So it is important to know: the doctrine of the Holy Trinity
doesn't just come from some elitist theologians thinking abstractly about God
in their ivory academic towers, it comes from the experience of fishermen and
tanners and cloth makers and slaves who knew what they had experienced and
would not back down when theologians told them "but that's impossible."
The first thing these peasants knew was that the Jesus they
experienced in flesh and blood was a human being just like them. He ate and
drank like them. He got tired and needed rest like them. When his body was
nailed to a cross, he bled and died like them.
The second thing these peasants knew was that when they were
with Jesus they were with God. Not the God who created heaven and earth from
before time and forever. But God in a human life. And here's where they got
tenacious. Every time some theologian tried to describe Jesus as something a
little less than God – the best human ever; the first of all the created order;
someone like God but in a human form—they said, "NO!" Jesus was no
second level divinity. No intermediary. When we were with Jesus, we knew—we were
with God. But that's impossible, said the theologians. Go figure it out, said the disciples.
In Jesus, God has come to us. Real God. (Eventually they
would say "very God from very God.")
And as if to complicate matters, they insisted further that after
Jesus' death and resurrection, the Spirit that they experienced in their life
and fellowship in the Church was equal to their experience of God and of Jesus.
They insisted, the Spirit is God, doing the same work as Jesus they knew as a
man. When the Spirit is with us, they said, we know we are in communion with
God in Christ. It's all one. But that's
impossible, said the theologians.
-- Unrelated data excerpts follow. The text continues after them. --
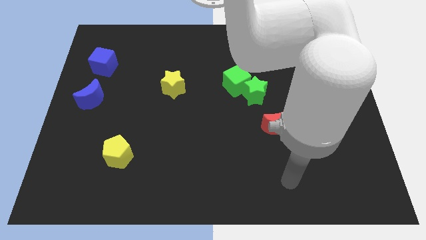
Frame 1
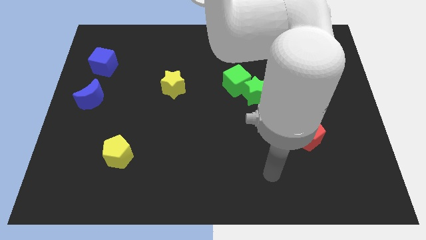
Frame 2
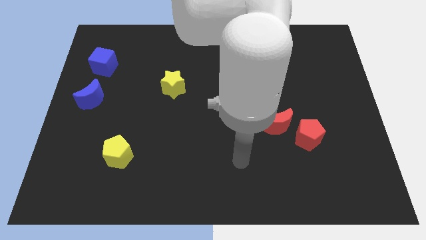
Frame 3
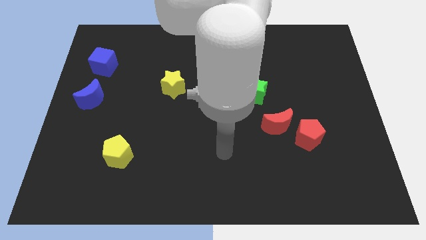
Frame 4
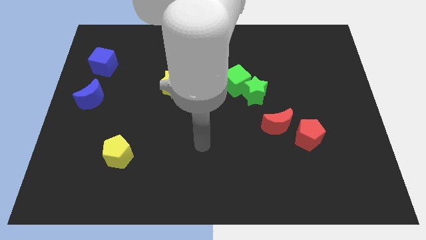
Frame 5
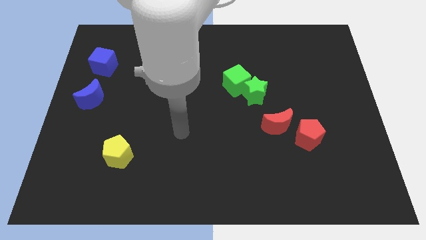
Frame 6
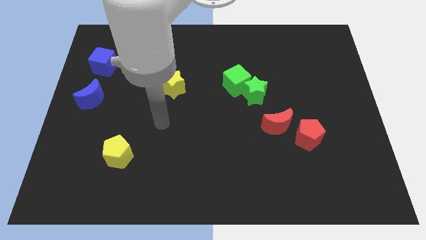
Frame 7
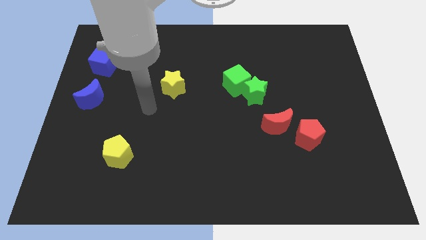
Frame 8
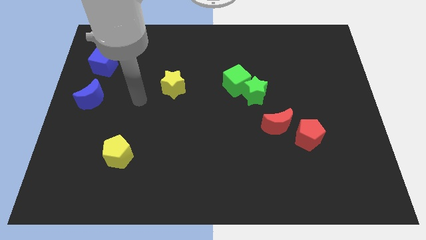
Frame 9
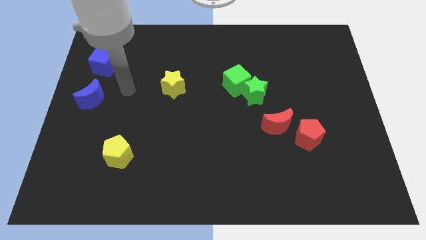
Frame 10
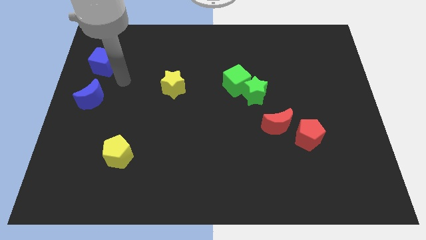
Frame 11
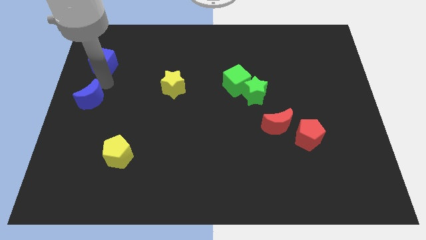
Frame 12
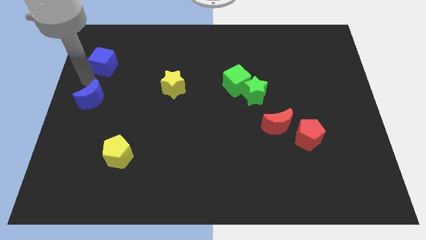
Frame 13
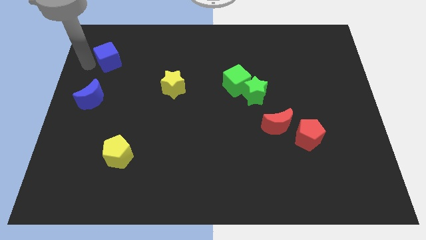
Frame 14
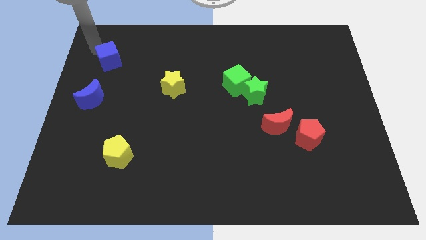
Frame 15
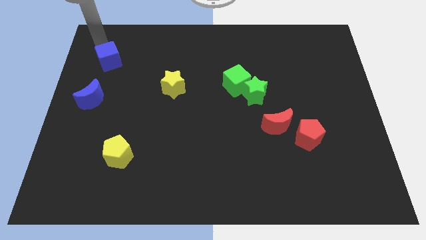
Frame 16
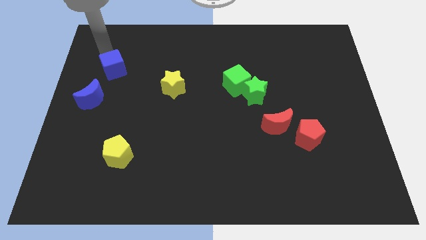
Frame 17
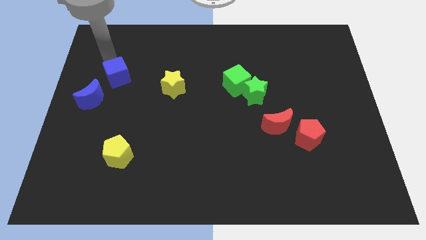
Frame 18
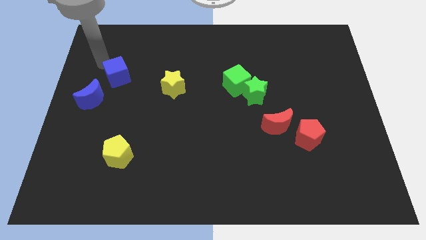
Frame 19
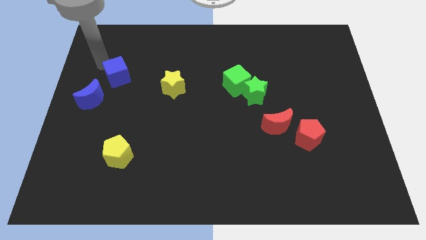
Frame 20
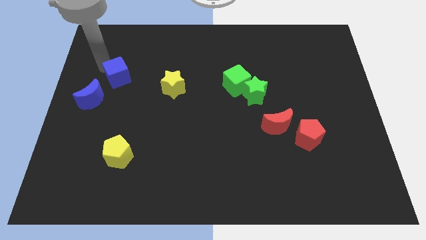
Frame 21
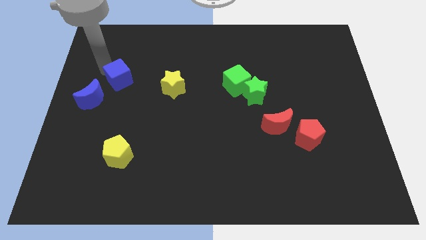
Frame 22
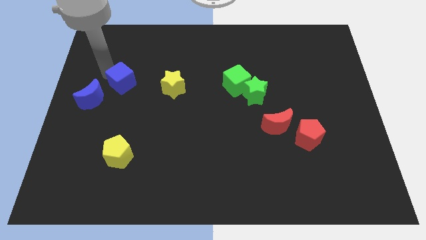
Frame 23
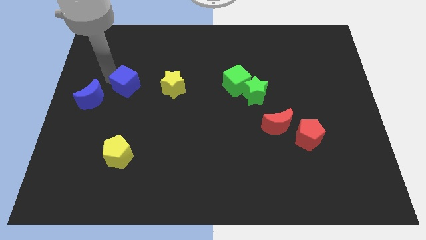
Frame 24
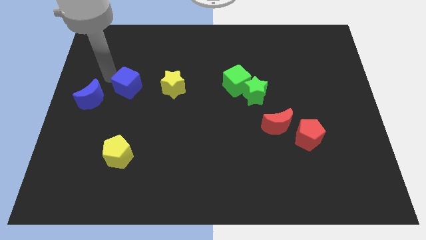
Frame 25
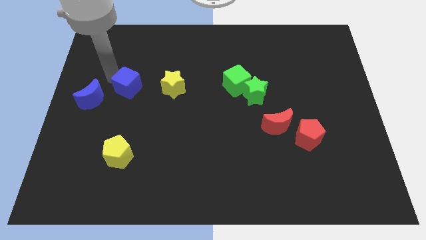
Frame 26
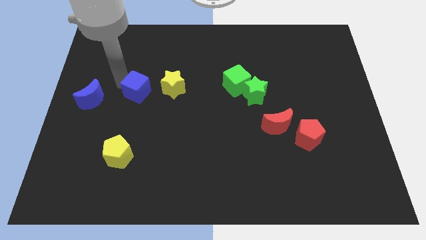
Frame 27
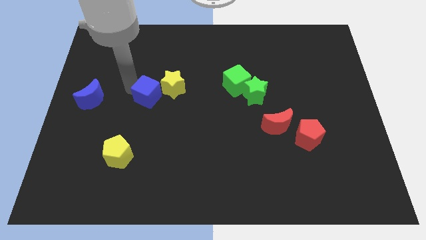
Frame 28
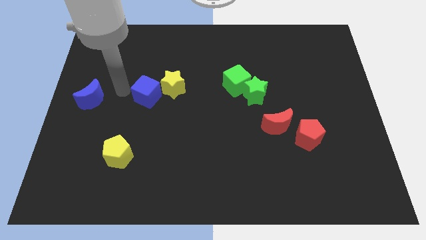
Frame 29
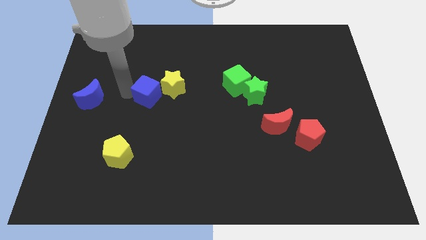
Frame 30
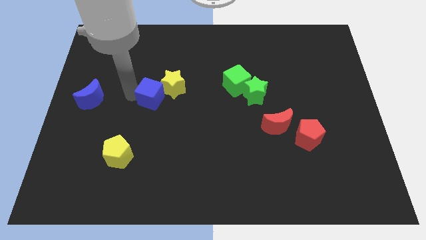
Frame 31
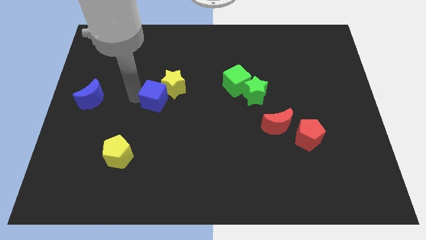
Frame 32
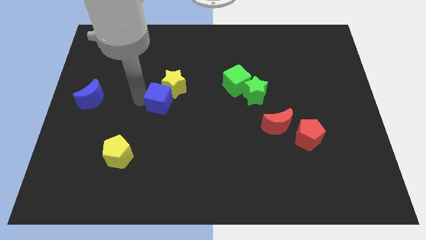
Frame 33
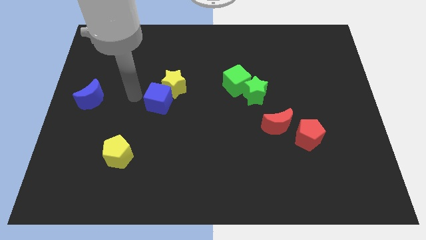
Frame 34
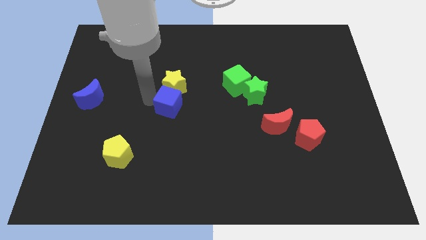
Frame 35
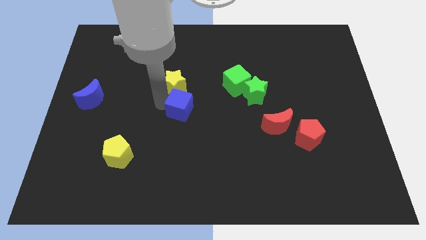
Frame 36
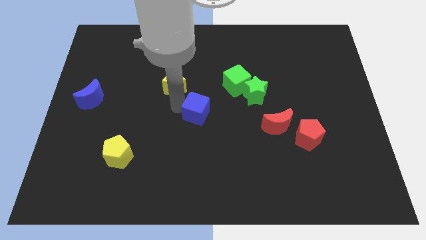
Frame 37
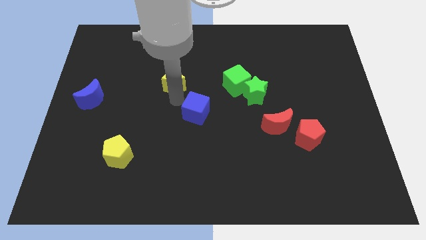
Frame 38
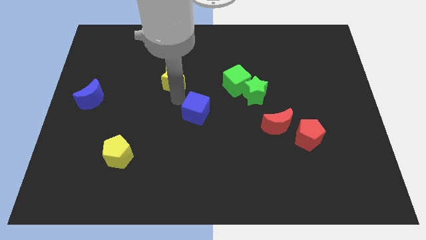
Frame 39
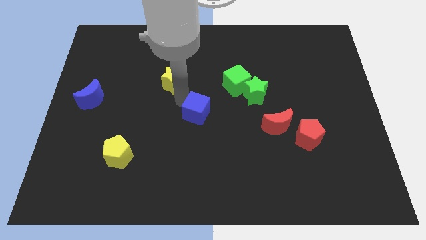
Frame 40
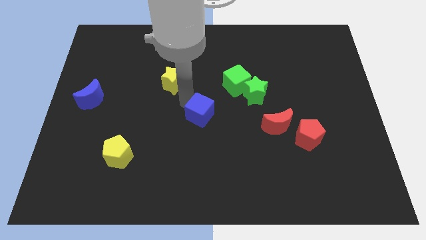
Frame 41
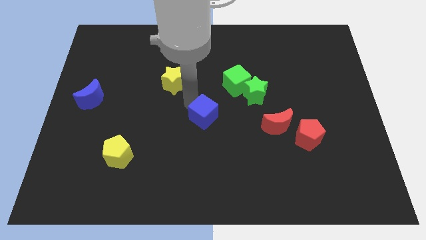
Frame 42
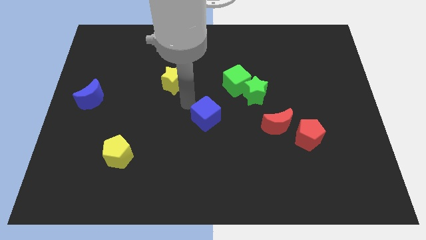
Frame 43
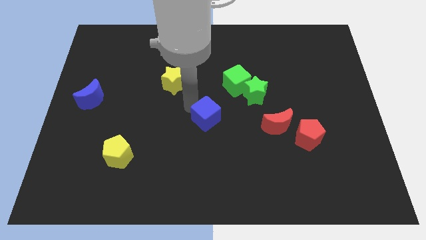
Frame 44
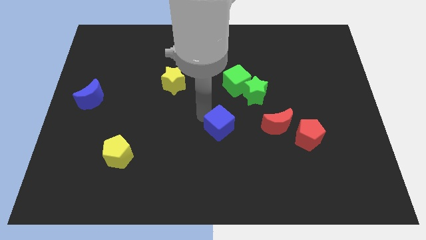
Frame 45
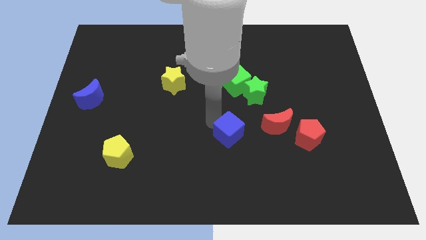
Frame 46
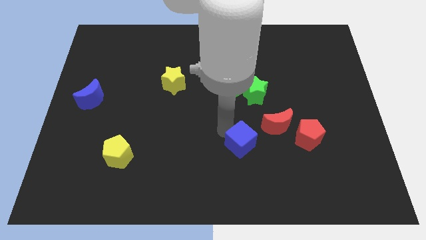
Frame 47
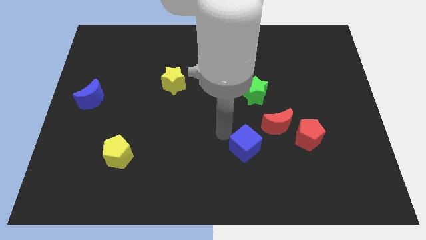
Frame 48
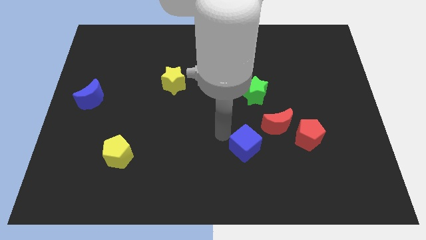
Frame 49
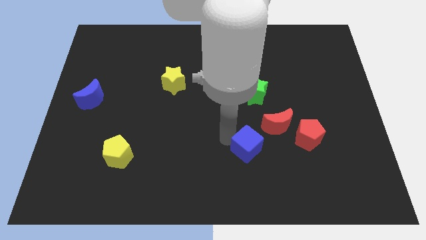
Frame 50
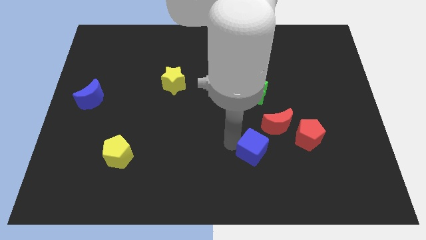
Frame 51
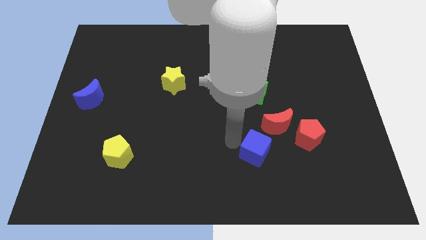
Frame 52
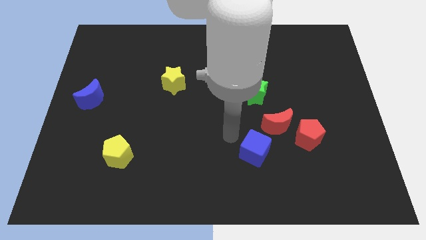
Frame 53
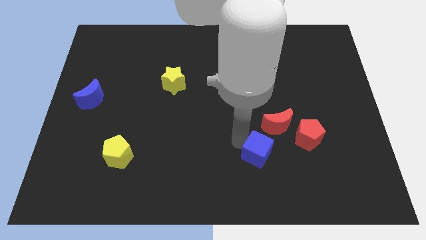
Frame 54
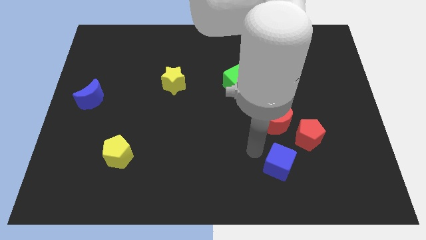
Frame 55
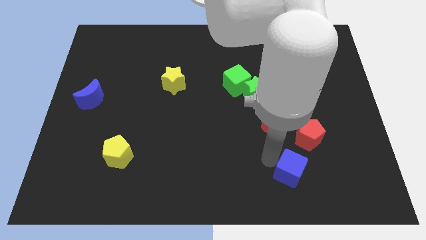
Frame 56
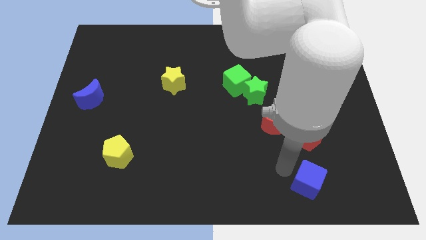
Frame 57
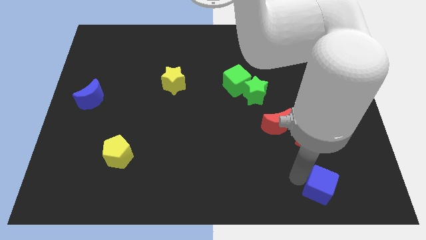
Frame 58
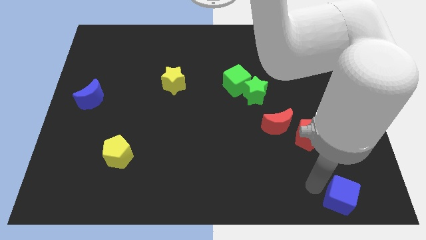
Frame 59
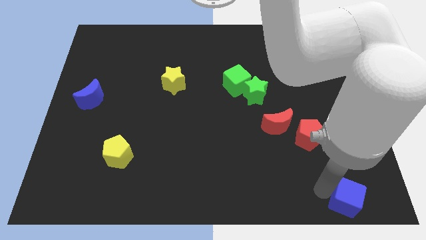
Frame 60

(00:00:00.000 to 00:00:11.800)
slide the blue cube to the bottom right corner

Go
figure it out, said the disciples.
The disciples insisted: Because we know Jesus, we know God. Their
experience of Jesus was the experience of God. So they adopted Jesus' total
confidence in God as a merciful, healing, forgiving presence. They had seen God
through Jesus welcome the outcast and stranger, challenge all relations that
are abusive or oppressive. They knew that in Jesus God seeks the lost sheep,
welcomes both the prodigal and elder son. In his presence the broken became
whole, the incoherent became coherent, the lost were found.
They especially treasured the most characteristic thing
about Jesus—his radically inclusive table fellowship. At his table the master
became servant and slave. He fed multitudes of foreigners as generously as he
fed his own people. There was something transforming about their communion around
the table. And when Jesus died, they knew him as tangibly present with them in
the bread and wine as they had known him in flesh and blood. He was with them
in Spirit, and that Spirit created communion among them. Unity in diversity.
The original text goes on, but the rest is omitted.